#  >  > Occult Discussion >  >  > Angels & Demons >  >  >  My Guardian Demon

## E7than

Okay, so several weeks ago or so I had a dream I was surrounded in darkness. I didn't feel scared, happy, or any emotion at all. I heard a clear but gental voice whisper the name "Raim" as if it were a female voice. Then, it spelled out slowly "Raim" in glowing red letters. I looked up the name and I found he was one of the goetia demons also known as "Raum" and the Joy of Satan website claims he is also the ancient Egyptian God "Khnum" who was a creature and water deity. I haven't tried to summon/invite him or anything like that yet, but this got me very interested.

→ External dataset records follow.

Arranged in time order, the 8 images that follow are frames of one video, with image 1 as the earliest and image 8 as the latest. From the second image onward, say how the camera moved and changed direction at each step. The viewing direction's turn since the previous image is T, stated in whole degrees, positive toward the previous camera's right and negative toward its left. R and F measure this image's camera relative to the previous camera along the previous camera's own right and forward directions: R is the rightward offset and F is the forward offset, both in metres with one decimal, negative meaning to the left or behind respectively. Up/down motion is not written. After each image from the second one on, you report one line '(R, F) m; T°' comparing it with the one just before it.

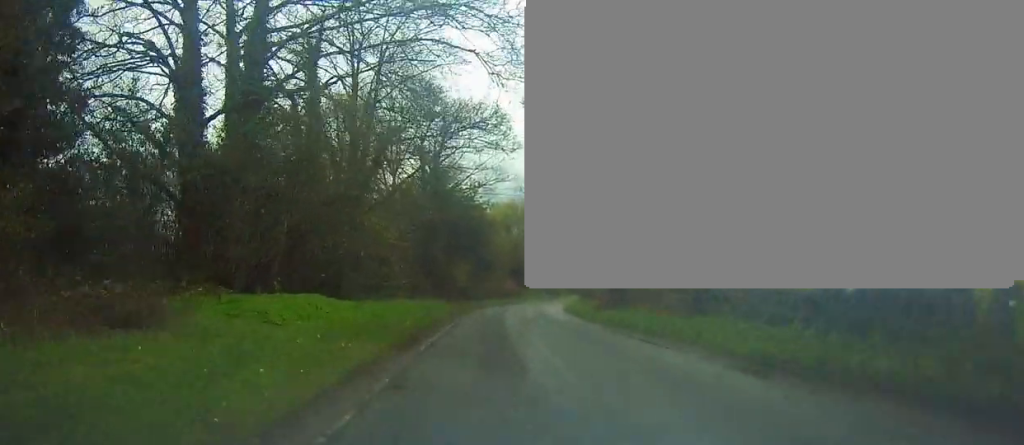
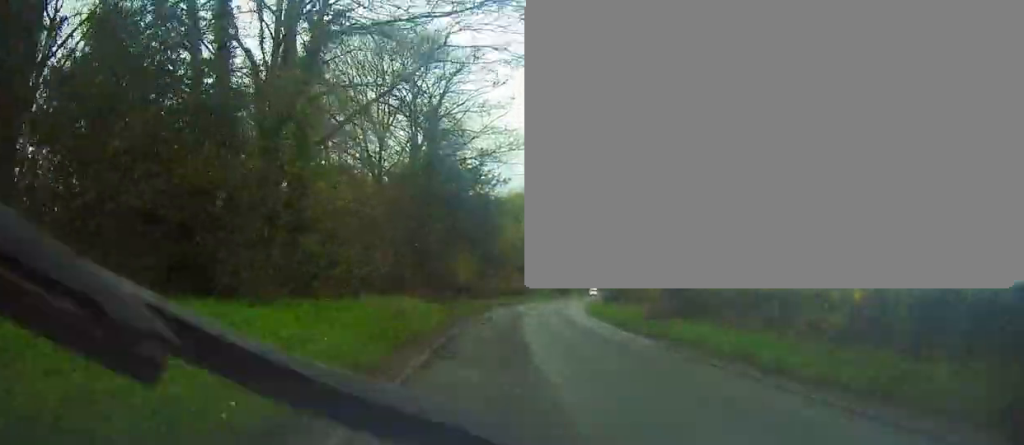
(-0.2, +10.0) m; -1°
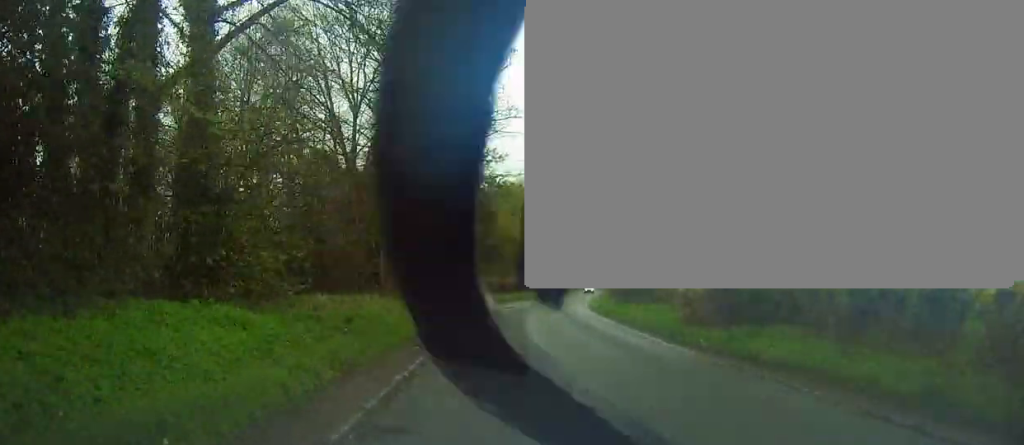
(-0.1, +5.9) m; +1°
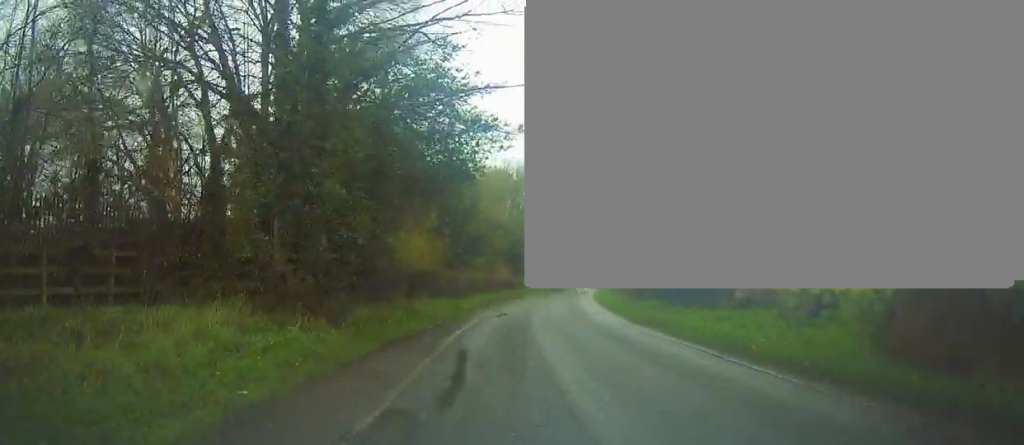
(+0.2, +11.6) m; 0°
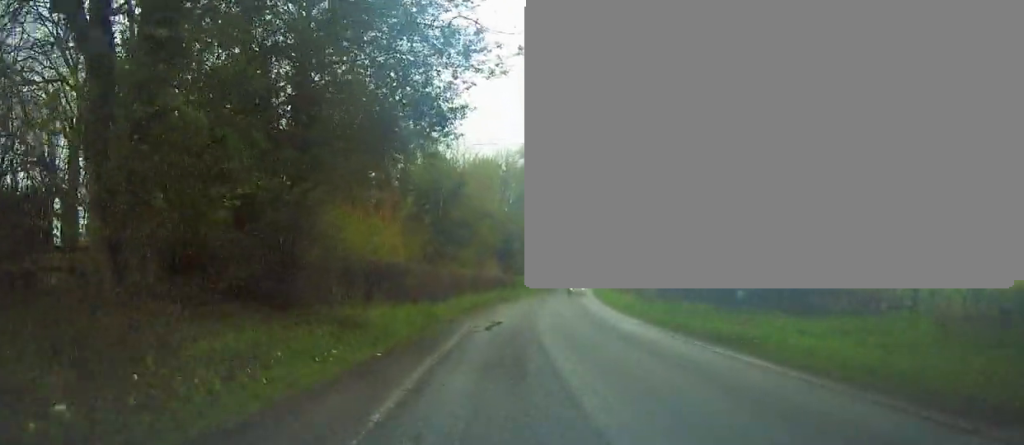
(-0.2, +7.0) m; -1°
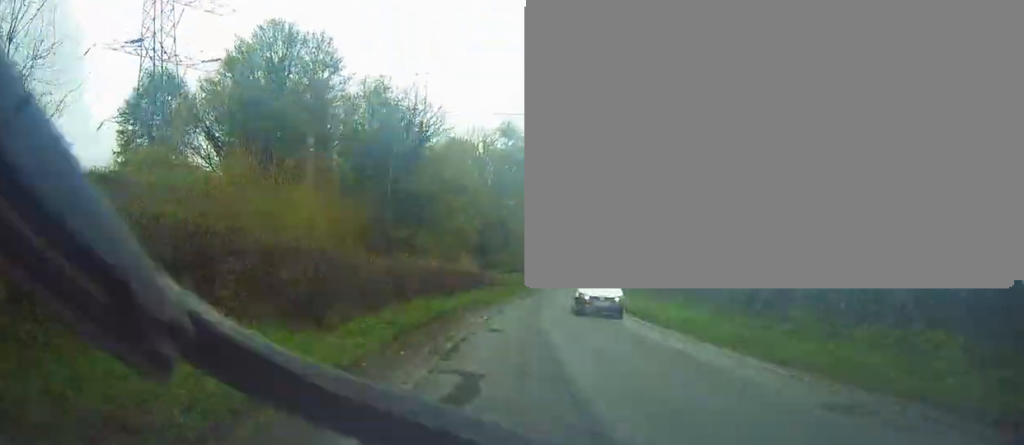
(+0.3, +12.2) m; +4°
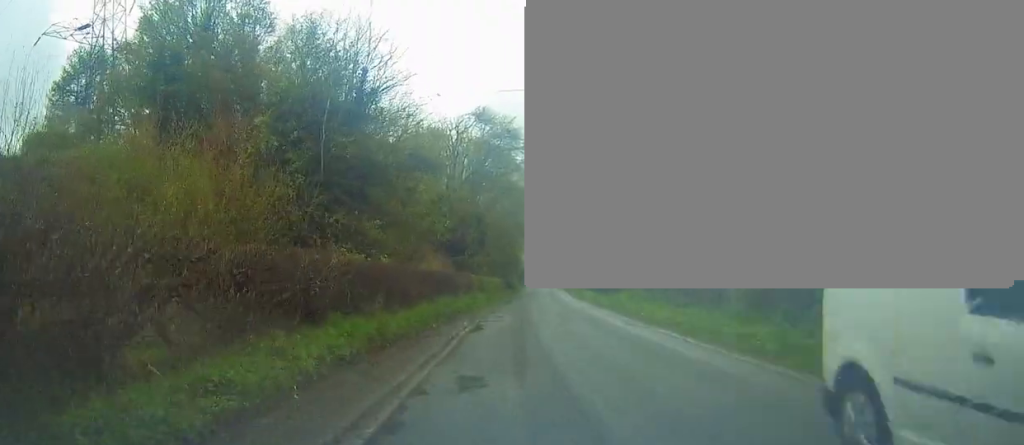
(+0.3, +7.8) m; +3°
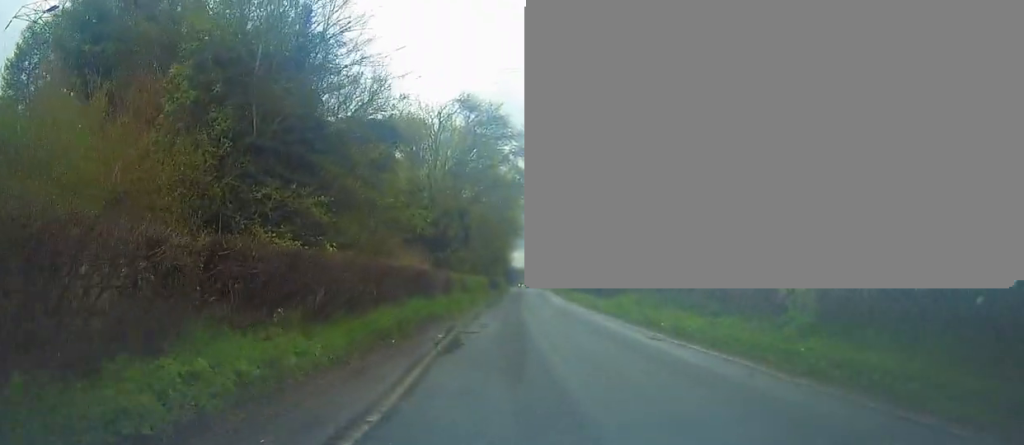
(0.0, +4.8) m; +1°
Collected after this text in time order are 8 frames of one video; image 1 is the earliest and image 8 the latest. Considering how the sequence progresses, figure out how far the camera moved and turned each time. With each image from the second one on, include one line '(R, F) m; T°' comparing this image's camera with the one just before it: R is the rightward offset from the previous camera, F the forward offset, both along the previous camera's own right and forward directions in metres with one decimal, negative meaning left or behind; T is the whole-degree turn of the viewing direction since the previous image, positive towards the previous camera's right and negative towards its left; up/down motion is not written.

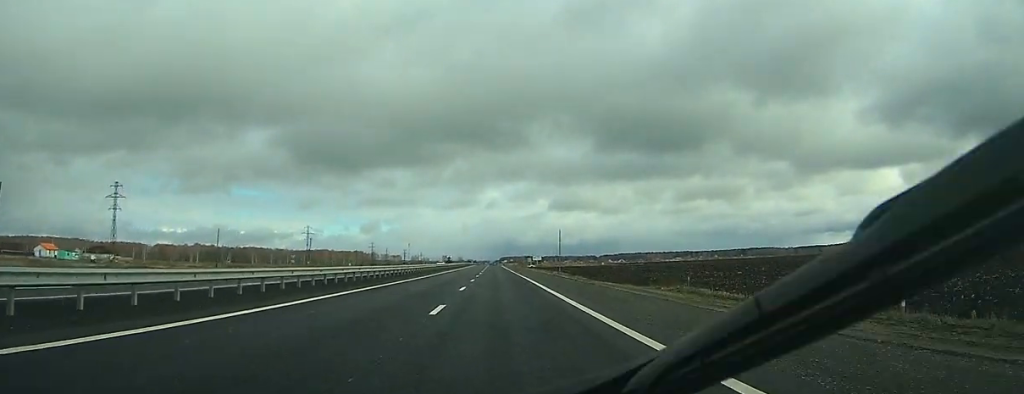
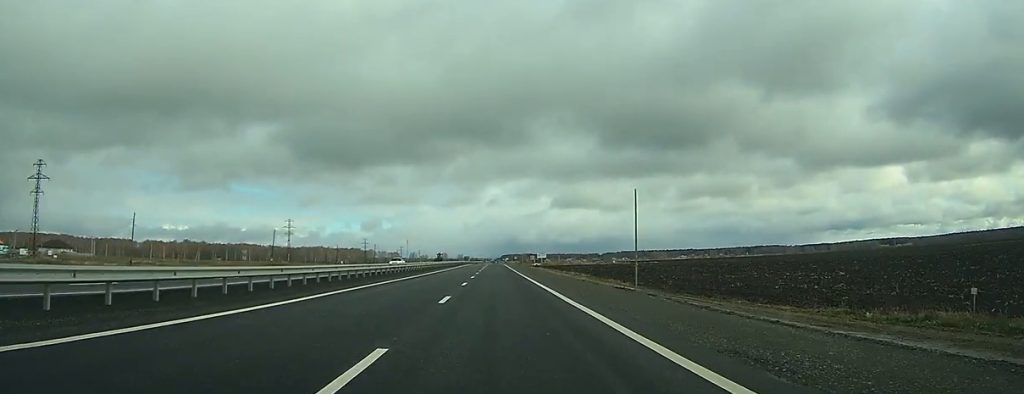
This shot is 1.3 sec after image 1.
(-0.1, +33.2) m; 0°
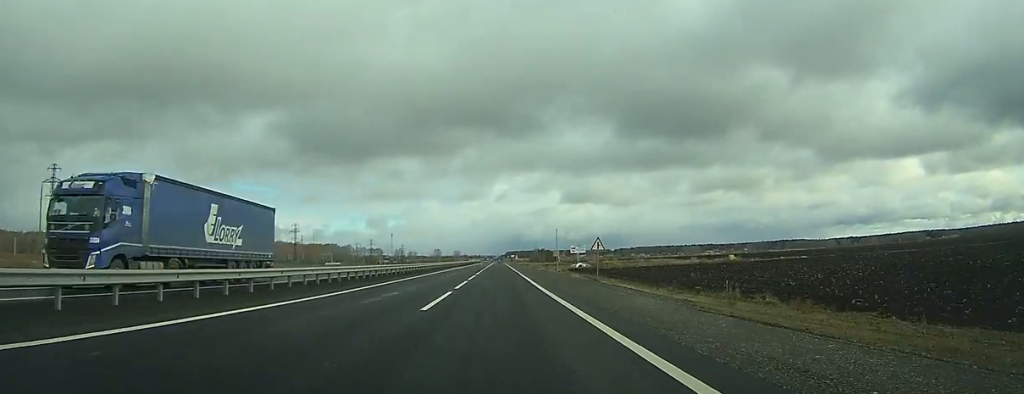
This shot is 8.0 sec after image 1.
(+1.7, +173.1) m; +1°
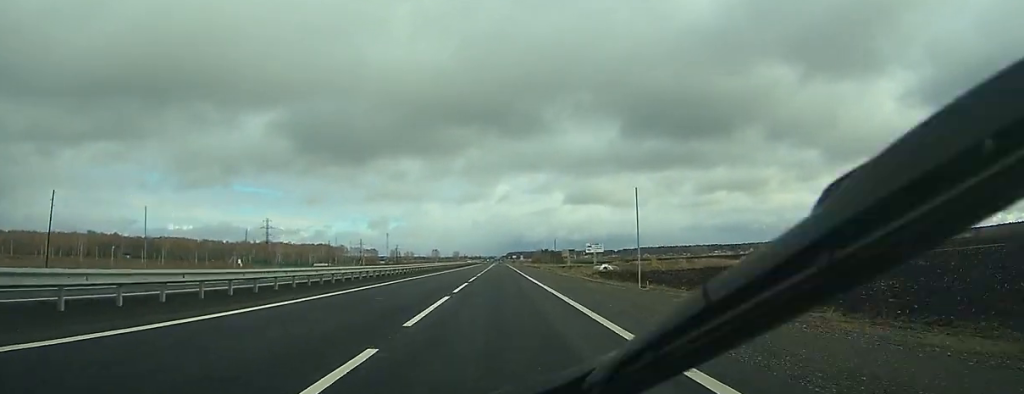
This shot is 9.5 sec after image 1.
(0.0, +41.6) m; 0°
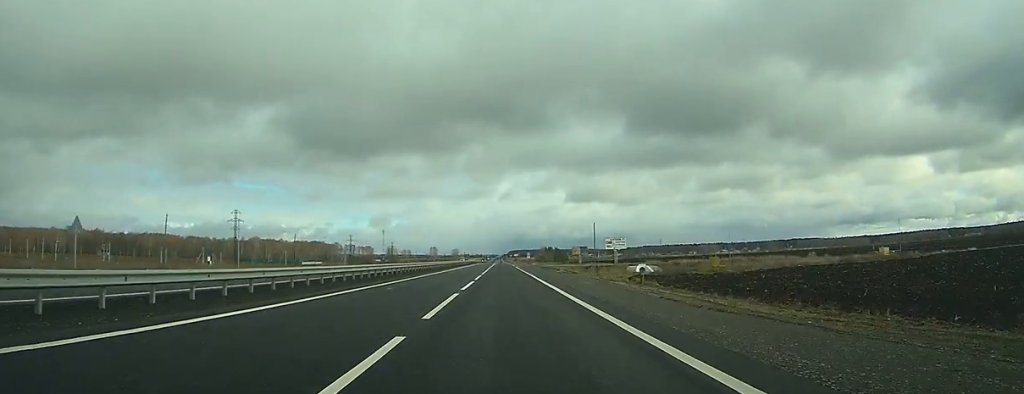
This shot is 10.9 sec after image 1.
(0.0, +35.7) m; 0°
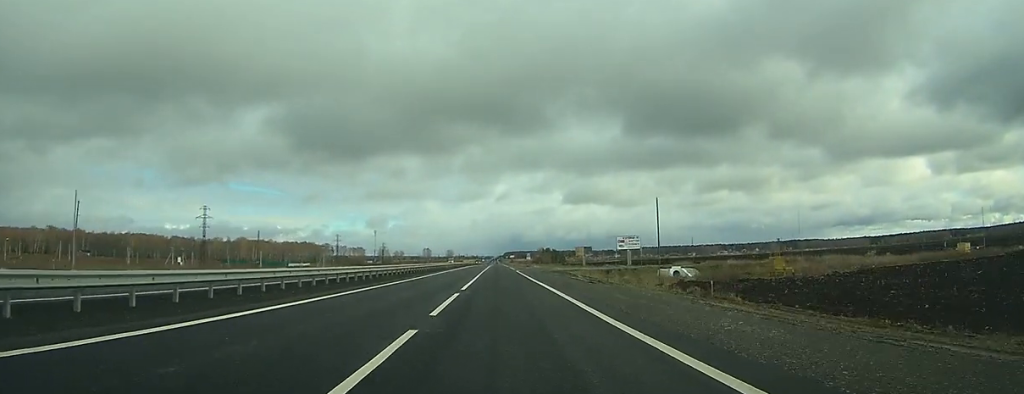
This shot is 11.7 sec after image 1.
(0.0, +22.6) m; 0°
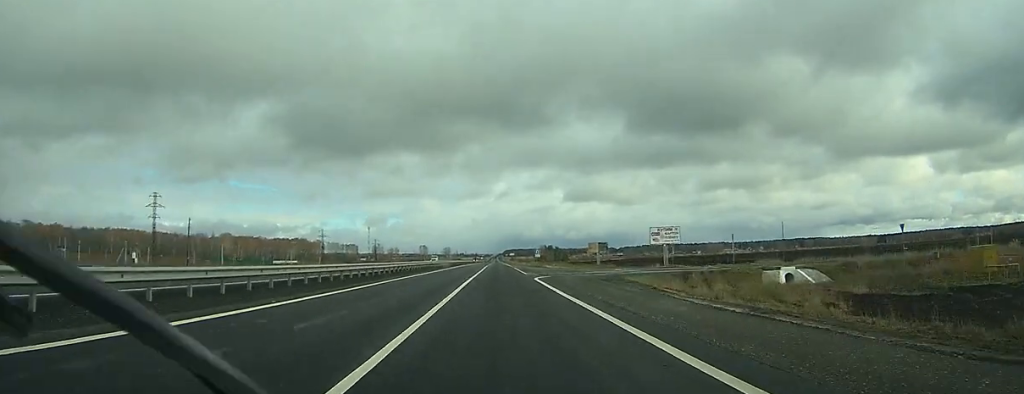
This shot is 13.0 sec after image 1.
(0.0, +32.5) m; 0°
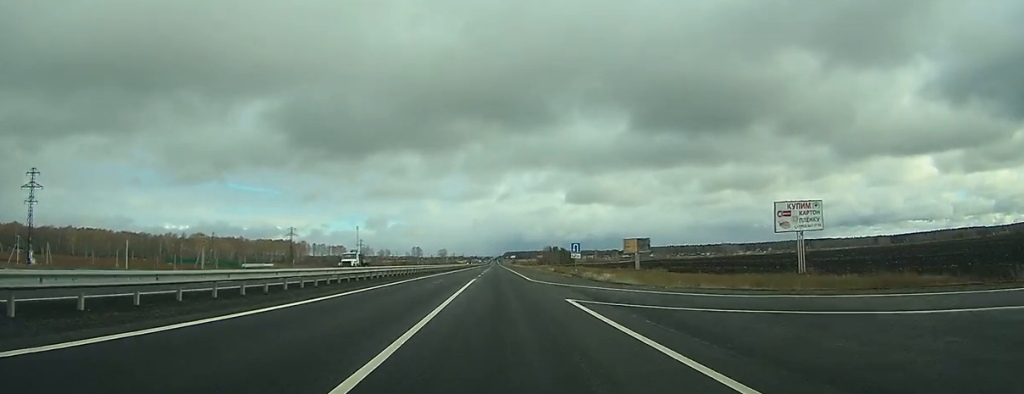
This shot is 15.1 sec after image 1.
(+0.2, +52.0) m; 0°

About a week or so after that, I was casting a spell with a sigil I made using the Avern Alphabet and latin all mixed together. After casting this spell, I saw a man with the head of a white goat, black and red eyes(similar to the doll from saw), and long black robes, darker than any shade of black I had ever seen. I'm not sure if this is Raim/Raum simply because Raim/Raum has the head of a Ram, not a goat. But ever since seeing this demon, I've felt his presince and I've felt so happy. From what I can tell, in my minds eye, I think his name starts with a Z.

But what I don't get is, why would Raim/Raum send me his name in a dream then me see this whole other being? Can anyone help me on this?

----------


## E7than

I have a ouija board, but it usually doesn't work well with me. I will try again.

----------